A dual to tight closure theory

TL;DR

This paper introduces the concept of tight interior as a dual operation to tight closure in modules over F-finite rings, providing new insights and results in test ideal theory without relying on tight closure.

Contribution

It develops a dual theory to tight closure called tight interior, establishes new properties and transformation rules, and applies these to test ideals in non-normal rings.

Findings

Tight interior is equivalent to the Matlis dual of tight closure in some cases.

New vanishing theorem for Ext maps using phantom homology.

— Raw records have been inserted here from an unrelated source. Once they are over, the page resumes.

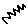
Label: zigzag
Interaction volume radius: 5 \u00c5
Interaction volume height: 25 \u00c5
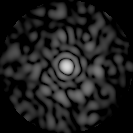
Disorder parameter: 0.8169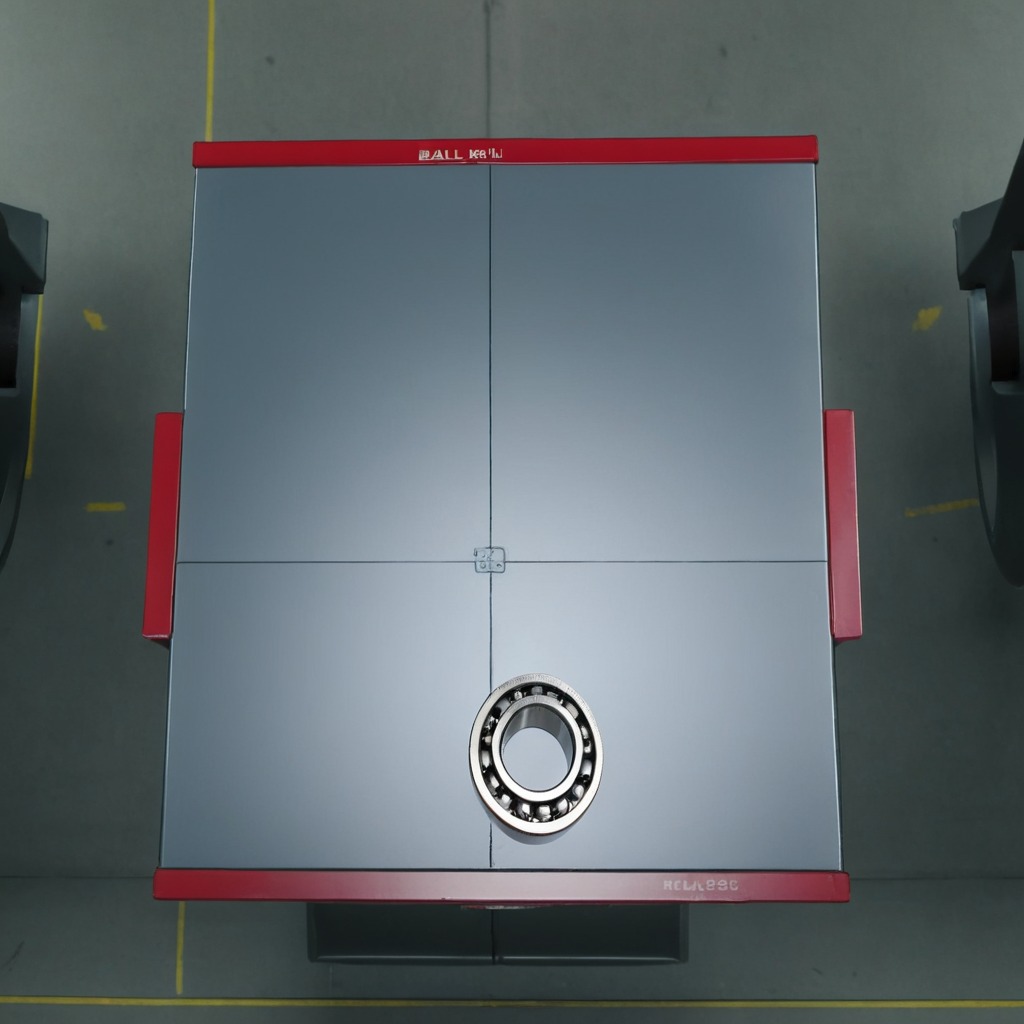
A metal ball bearing is lying on the toolbox surface.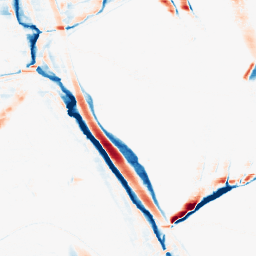
Category: morphological
Decomposition family: morphological_rect
Decomposition parameters: operation: average
width: 20
height: 3
Upsampling method: cubic_mitchell
Upsampling parameters: scale: 4
Upsampling scale: 4
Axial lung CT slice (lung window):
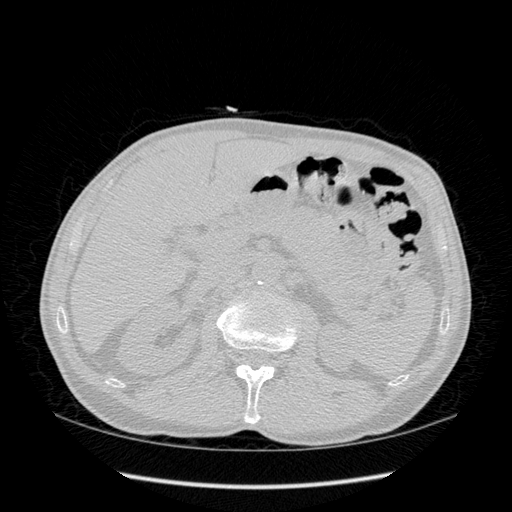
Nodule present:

Finitistic and big test ideals coincide in certain non-normal rings.

Abstract

We introduce an operation on modules over an $F$-finite ring of characteristic $p$. We call this operation \emph{tight interior}. While it exists more generally, in some cases this operation is equivalent to the Matlis dual of tight closure. Moreover, the interior of the ring itself is simply the big test ideal. We directly prove, without appeal to tight closure, results analogous to persistence, colon capturing, and working modulo minimal primes, and we begin to develop a theory dual to phantom homology. Using our dual notion of persistence, we obtain new and interesting transformation rules for tight interior, and so in particular for the test ideal, which complement the main results of a recent paper of the second author and K. Tucker. Using our theory of phantom homology, we prove a vanishing theorem for maps of Ext. We also compare our theory to M. Blickle's notion of Cartier modules, and in the process, we prove new existence results for Blickle's test submodule. Finally, we apply the theory we developed to the study of test ideals in non-normal rings, proving that the finitistic test ideal coincides with the big test ideal in some cases.